**INSTRUCTIONS TO FOLLOW:** The lines you need are those holding the word "fill"; pull them from the material.
****************************************
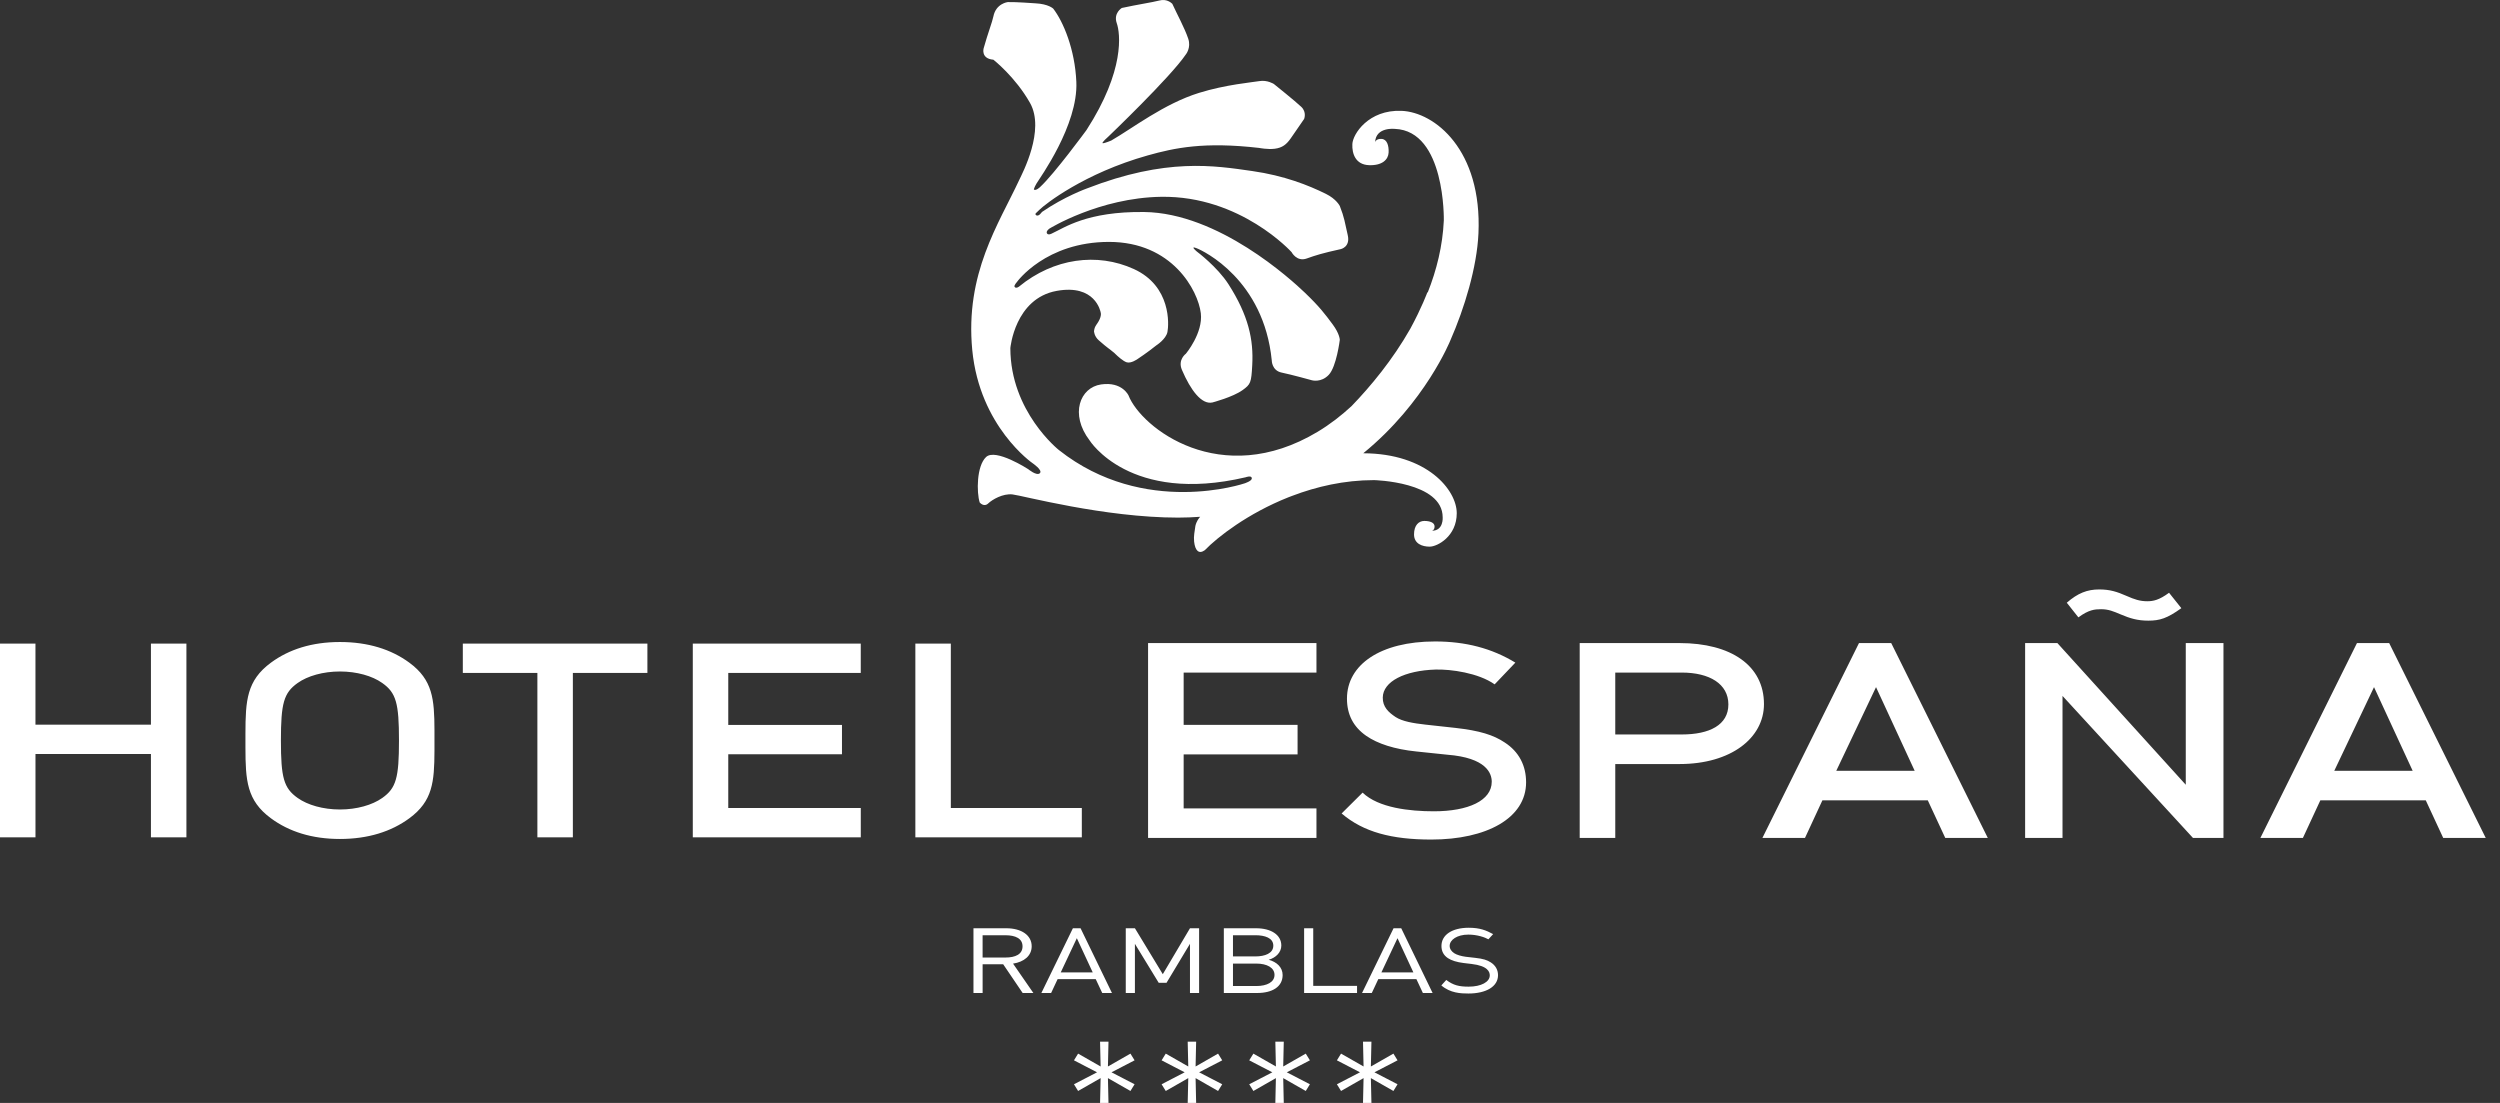 <svg xmlns="http://www.w3.org/2000/svg" width="204" height="90" viewBox="0 0 204 90">
    <rect x="0" y="0" width="204" height="90" fill="#333333" stroke="none"/>
    <g fill="#FFF">
        <path d="M104.756 85l-.046 2.026 1.84-1.051.338.548-1.885.977 1.885.976-.338.548-1.84-1.05.046 2.026h-.688l.045-2.026-1.836 1.05-.34-.548 1.885-.976-1.886-.977.341-.548 1.836 1.05-.045-2.025h.688zm7.153 0l-.046 2.026 1.84-1.051.336.548-1.884.977 1.884.976-.336.548-1.84-1.05.046 2.026h-.688l.046-2.026-1.838 1.05-.338-.548 1.884-.976-1.884-.977.338-.548 1.838 1.05-.046-2.025h.688zm-14.304 0l-.045 2.026 1.834-1.051.339.548-1.884.977 1.884.976-.339.548-1.834-1.05.045 2.026h-.689l.047-2.026-1.837 1.05-.339-.548 1.882-.976-1.882-.977.339-.548 1.837 1.05L96.916 85h.689zm-7.152 0l-.046 2.026 1.837-1.051.338.548-1.883.977 1.883.976-.338.548-1.837-1.05.046 2.026h-.688l.046-2.026-1.838 1.05-.337-.548 1.883-.976-1.883-.977.337-.548 1.838 1.05L89.765 85h.688zm29.4-9.295c.895 0 1.408.205 1.987.518l-.387.425c-.27-.155-.893-.384-1.632-.384-.928 0-1.518.427-1.528.909-.005.263.157.468.373.61.215.14.58.242.942.29l.765.087c.656.073.98.179 1.274.37.383.244.592.609.592 1.044.001.926-.963 1.497-2.416 1.497-.611 0-1.473-.03-2.21-.66l.403-.447c.577.436 1.044.547 1.829.547 1.02 0 1.721-.384 1.721-.92 0-.273-.144-.776-1.487-.932l-.649-.077c-.549-.068-.98-.2-1.284-.4-.352-.237-.523-.564-.523-.99 0-.894.846-1.487 2.23-1.487zm-12.693.041v4.7h3.575v.582h-4.319v-5.282h.744zm-14.55 0l2.274 3.748 2.218-3.748h.745v5.282h-.745v-4.013l-1.913 3.181h-.638l-1.942-3.18v4.012h-.746v-5.282h.746zm9.883 0c1.218 0 2.063.528 2.063 1.41 0 .556-.444.994-1.03 1.16.666.183 1.137.62 1.137 1.25-.002.957-.846 1.462-2.08 1.462h-2.718v-5.282h2.628zm11.848 0l2.56 5.282h-.794l-.528-1.129-3.109-.003-.531 1.132h-.796l2.571-5.282h.627zm-32.226 0c1.217 0 2.071.557 2.071 1.47 0 .769-.618 1.276-1.521 1.416l1.658 2.396h-.874l-1.589-2.345h-1.678v2.345h-.747v-5.282h2.68zm6.06 0l2.561 5.282h-.794l-.53-1.129-3.11-.003-.53 1.132h-.796l2.572-5.282h.627zm14.34 2.882h-1.904v1.832h1.903c.866 0 1.486-.317 1.486-.908 0-.592-.621-.924-1.486-.924zM87.87 76.556l-1.313 2.79h2.609l-1.296-2.79zm26.166 0l-1.313 2.79h2.608l-1.295-2.79zm-31.993-.24H80.18v1.818h1.864c.815 0 1.395-.265 1.395-.911.001-.643-.579-.907-1.395-.907zm20.392 0h-1.825v1.728h1.825c.777 0 1.467-.247 1.467-.879 0-.63-.69-.85-1.467-.85zM27.74 52.388c2.29 0 4.186.598 5.663 1.686 1.906 1.402 2.041 2.97 2.05 5.501v1.695c-.01 2.53-.145 4.1-2.05 5.502-1.477 1.087-3.374 1.688-5.663 1.688s-4.157-.6-5.632-1.688c-1.973-1.453-2.075-3.084-2.08-5.777V59.85c.005-2.695.107-4.324 2.08-5.776 1.475-1.088 3.345-1.686 5.632-1.686zm49.848.13v13.414h10.689v2.395H74.693V52.518h2.896zm-7.35 0v2.394H59.426v4.242h9.279v2.394h-9.279v4.384H70.24v2.395H56.532V52.518h13.707zm-17.41 0v2.394h-6.082v13.415H43.85V54.912h-6.084v-2.394h15.062zm-49.934 0v6.612h9.423v-6.612h2.895v15.81h-2.895v-6.804H2.895v6.803H0V52.518h2.895zm24.846 2.275c-1.366 0-2.636.36-3.448.937-1.138.805-1.369 1.655-1.369 4.693 0 3.038.23 3.889 1.37 4.693.81.576 2.08.938 3.447.938 1.368 0 2.636-.362 3.45-.938 1.14-.804 1.367-1.655 1.367-4.693 0-3.038-.228-3.89-1.368-4.693-.813-.578-2.081-.937-3.449-.937zM117.099 52.343c2.486 0 4.624.553 6.554 1.727l-1.69 1.774c-1.327-.939-3.584-1.243-4.813-1.208-2.534.078-4.296.974-4.316 2.28-.013.775.474 1.213 1.047 1.594.545.355 1.437.508 2.434.619l2.445.268c1.992.224 3.111.58 4.014 1.183 1.179.758 1.755 1.9 1.755 3.258.001 2.931-3.232 4.67-7.733 4.67-3.23 0-5.543-.608-7.32-2.129l1.713-1.701c1.29 1.25 3.857 1.524 5.814 1.524 2.809 0 4.723-.874 4.723-2.414 0-.69-.45-1.956-3.63-2.204l-2.536-.265c-1.75-.179-3.144-.626-4.075-1.274-1.058-.737-1.573-1.743-1.573-3.038 0-2.767 2.719-4.664 7.187-4.664zm-9.676.132v2.408H96.586v4.266h9.296v2.408h-9.296v4.41h10.837v2.408h-13.74v-15.9h13.74zm29.63 0c4.197 0 6.887 1.831 6.887 4.978 0 2.768-2.69 4.893-6.887 4.893h-5.247v6.03h-2.903v-15.9h8.15zm17.27 0l7.881 15.9h-3.471l-1.427-3.07h-8.596l-1.423 3.07h-3.474l7.88-15.9h2.63zm40.634 0l7.879 15.9h-3.47l-1.424-3.07h-8.601l-1.424 3.07h-3.469l7.88-15.9h2.629zm-27.074 0l10.476 11.561v-11.56h3.076v15.9h-2.488l-10.646-11.589v11.588h-3.051v-15.9h2.633zm-14.799 3.595l-3.243 6.826h6.396l-3.153-6.826zm40.636 0l-3.242 6.826h6.395l-3.153-6.826zm-56.488-1.187h-5.426v5.05h5.426c2.267 0 3.804-.776 3.804-2.451 0-1.674-1.537-2.6-3.804-2.6zm34.057-6.784c.877 0 1.448.18 2.262.538.608.267 1.058.425 1.662.425.486 0 .967-.09 1.782-.693l1.003 1.258c-1.155.832-1.759 1.018-2.694 1.018-.877 0-1.48-.18-2.264-.513-.575-.244-.985-.42-1.59-.42-.513 0-1.007.039-1.853.665l-.947-1.194c.893-.782 1.672-1.084 2.639-1.084zM94.629.037c.54-.141.913.162 1.008.252l.025.024c.347.767 1.003 1.97 1.298 2.843.252.743-.192 1.282-.192 1.282-1.262 1.868-6.316 6.698-6.316 6.698s-.633.551-.46.551c.174 0 .688-.22.688-.22 1.723-.99 4.297-3 7.165-3.89 2.178-.676 4.383-.866 4.915-.958.65-.112 1.188.234 1.188.234s1.781 1.427 2.239 1.868c.459.439.23.986.23.986s-.749 1.091-1.094 1.585c-.345.494-.682.764-1.294.844-.568.077-1.288-.066-1.288-.066-4.485-.515-6.87-.01-9.08.61-5.194 1.46-8.38 3.986-8.835 4.431-.29.285-.39.324-.305.42.203.225.5-.232.5-.232 1.838-1.264 3.653-1.915 3.653-1.915 6.505-2.53 10.436-1.866 13.506-1.428 2.632.376 4.596 1.165 6.01 1.861.867.426 1.14.995 1.14.995.372.937.417 1.375.644 2.363.234.99-.571 1.154-.571 1.154-1.496.33-2.066.509-2.766.762-.823.3-1.243-.516-1.243-.516s-4.159-4.612-10.634-4.516c-5.065.076-9.132 2.598-9.132 2.598s-.3.209-.194.388c.107.185.422-.003.422-.003.975-.44 2.818-1.801 7.509-1.742 6.071.074 12.006 5.526 13.1 6.57 1.216 1.165 1.64 1.737 2.275 2.59.588.787.588 1.275.588 1.275s-.27 2.195-.903 2.855c-.629.66-1.376.439-1.376.439s-1.666-.462-2.469-.627c-.805-.166-.803-.989-.803-.989-.652-6.593-5.57-8.944-6.144-9.163-.575-.22.035.28.035.28s1.661 1.24 2.577 2.664c1.633 2.553 2.055 4.52 1.938 6.607-.075 1.428-.134 1.56-.783 2.028-.796.577-2.472 1.014-2.472 1.014-.865.187-1.761-.973-2.485-2.666-.353-.826.325-1.314.325-1.314s1.413-1.689 1.219-3.305c-.227-1.854-2.325-5.818-7.494-5.818-5.167 0-7.507 3.266-7.507 3.266s-.264.292-.198.395c.118.188.373-.021.373-.021 2.815-2.306 6.361-2.794 9.36-1.427 3.062 1.397 2.862 4.542 2.743 5.138-.117.592-.913 1.096-.913 1.096-.736.592-1.488 1.085-1.488 1.085l-.009.007c-.074.053-.567.394-.918.285-.294-.093-.728-.49-.912-.669l-.089-.087c-.501-.423-.501-.355-1.28-1.042-.378-.335-.384-.747-.384-.747.044-.283.087-.352.196-.522.473-.637.354-.975.354-.975-.021-.123-.458-2.353-3.597-1.784-3.416.62-3.779 4.666-3.779 4.666 0 5.189 3.96 8.32 3.96 8.32 6.977 5.517 15.163 2.717 15.163 2.717s.57-.184.579-.391c.015-.3-.498-.104-.498-.104-9.473 2.224-12.735-3.005-12.735-3.005-1.637-2.14-.786-4.324.937-4.57 1.724-.249 2.239.904 2.239.904 1.034 2.635 7.521 7.698 15.42 2.966 1.019-.61 1.94-1.329 2.777-2.101 1.56-1.618 3.35-3.771 4.794-6.314.942-1.732 1.396-2.982 1.396-2.982l.023.032c.728-1.834 1.222-3.812 1.316-5.891 0 0 .147-7.299-3.994-7.467 0 0-1.556-.179-1.613 1.085.014-.05.1-.285.516-.267.454.017.614.542.586 1.116-.027.575-.528 1.071-1.609 1.027-1.08-.045-1.387-.92-1.35-1.723.033-.804 1.314-2.821 4.017-2.71 2.7.111 6.579 3.177 6.273 10.007-.125 2.756-1.14 6.104-2.296 8.732 0 0-2.036 5.07-7.104 9.203 5.216.016 7.629 3 7.629 4.89 0 1.896-1.59 2.73-2.207 2.73-.619 0-1.279-.241-1.279-1 0-.76.398-1.098.837-1.098.44 0 .84.126.84.447 0 .322-.221.354-.221.354.968 0 .882-1.096.882-1.096 0-2.91-5.6-3.036-5.6-3.036-2.438 0-4.702.53-6.683 1.285-.1.038-.202.074-.305.116-3.32 1.319-5.793 3.252-6.82 4.315-.483.348-.791.05-.875-.698-.048-.447.044-.827.104-1.28.09-.388.288-.638.391-.745-.587.039-1.181.067-1.798.067-6.032 0-12.75-1.813-13.523-1.894-.775-.084-1.636.414-1.98.74-.345.332-.69-.081-.69-.081-.26-.822-.26-2.966.517-3.706.775-.742 3.444.989 3.444.989s.69.576.948.328c.258-.246-.602-.823-.602-.823s-4.307-2.966-4.914-9.225c-.6-6.26 2.162-10.29 3.84-13.897.248-.531 2.12-4.054.876-6.264-1.207-2.14-2.995-3.534-2.995-3.534-1.032-.085-.795-.92-.795-.92.34-1.223.706-2.15.795-2.6C81.268.276 82.235.17 82.235.17c.72-.014 1.945.084 2.241.1 1.086.051 1.469.436 1.469.436.825 1.069 1.768 3.321 1.884 5.97.16 3.532-3.007 7.89-3.238 8.278-.23.385-.227.518-.227.518.186.115.516-.219.516-.219 1.151-1.06 3.773-4.635 3.773-4.635 3.158-4.888 2.762-7.906 2.473-8.73-.286-.823.413-1.238.413-1.238C92.834.367 93.996.2 94.629.037z"/>
    </g>
</svg>
****************************************
**WRITTEN REPLY:**
    <rect x="0" y="0" width="204" height="90" fill="#333333" stroke="none"/>
    <g fill="#FFF">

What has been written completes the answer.